== Segment start ==

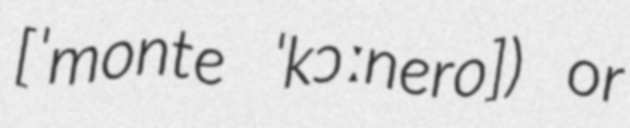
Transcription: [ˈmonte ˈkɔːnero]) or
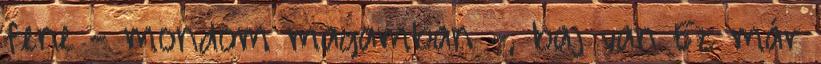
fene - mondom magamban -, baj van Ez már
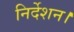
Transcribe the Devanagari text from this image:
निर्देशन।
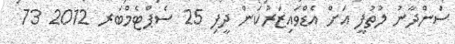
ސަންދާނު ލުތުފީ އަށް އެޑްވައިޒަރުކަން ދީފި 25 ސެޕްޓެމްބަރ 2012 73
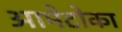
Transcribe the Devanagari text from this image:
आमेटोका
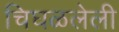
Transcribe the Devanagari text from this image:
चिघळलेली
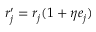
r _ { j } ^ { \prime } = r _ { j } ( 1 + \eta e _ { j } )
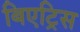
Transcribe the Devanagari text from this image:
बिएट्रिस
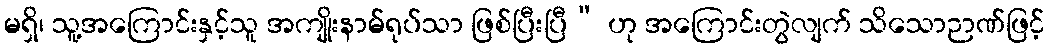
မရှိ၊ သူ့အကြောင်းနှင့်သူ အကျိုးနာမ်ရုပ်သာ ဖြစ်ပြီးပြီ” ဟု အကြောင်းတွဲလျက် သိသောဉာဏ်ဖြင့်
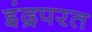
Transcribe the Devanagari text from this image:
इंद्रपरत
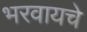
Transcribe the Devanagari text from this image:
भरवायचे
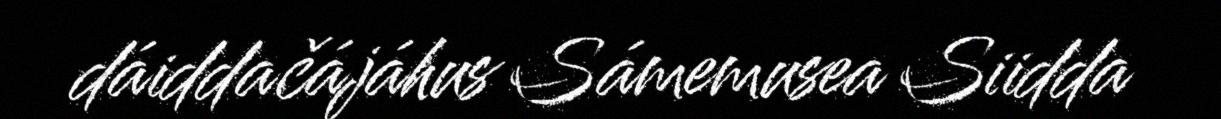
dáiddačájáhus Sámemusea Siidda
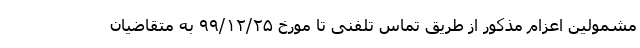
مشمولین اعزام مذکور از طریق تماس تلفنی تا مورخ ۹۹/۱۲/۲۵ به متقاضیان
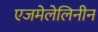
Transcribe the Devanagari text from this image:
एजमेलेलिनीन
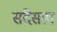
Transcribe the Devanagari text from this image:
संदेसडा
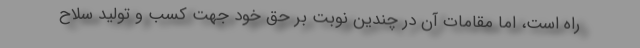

== Segment end ==

Exactly as they stand, retype all the entries, but omit the pictures.

§ **SOLUTION BELOW**
Transcription: [ˈmonte ˈkɔːnero]) or
fene - mondom magamban -, baj van Ez már
Transcribe the Devanagari text from this image:
निर्देशन।
ސަންދާނު ލުތުފީ އަށް އެޑްވައިޒަރުކަން ދީފި 25 ސެޕްޓެމްބަރ 2012 73
Transcribe the Devanagari text from this image:
आमेटोका
Transcribe the Devanagari text from this image:
चिघळलेली
r _ { j } ^ { \prime } = r _ { j } ( 1 + \eta e _ { j } )
Transcribe the Devanagari text from this image:
बिएट्रिस
မရှိ၊ သူ့အကြောင်းနှင့်သူ အကျိုးနာမ်ရုပ်သာ ဖြစ်ပြီးပြီ” ဟု အကြောင်းတွဲလျက် သိသောဉာဏ်ဖြင့်
Transcribe the Devanagari text from this image:
इंद्रपरत
Transcribe the Devanagari text from this image:
भरवायचे
dáiddačájáhus Sámemusea Siidda
مشمولین اعزام مذکور از طریق تماس تلفنی تا مورخ ۹۹/۱۲/۲۵ به متقاضیان
Transcribe the Devanagari text from this image:
एजमेलेलिनीन
Transcribe the Devanagari text from this image:
संदेसडा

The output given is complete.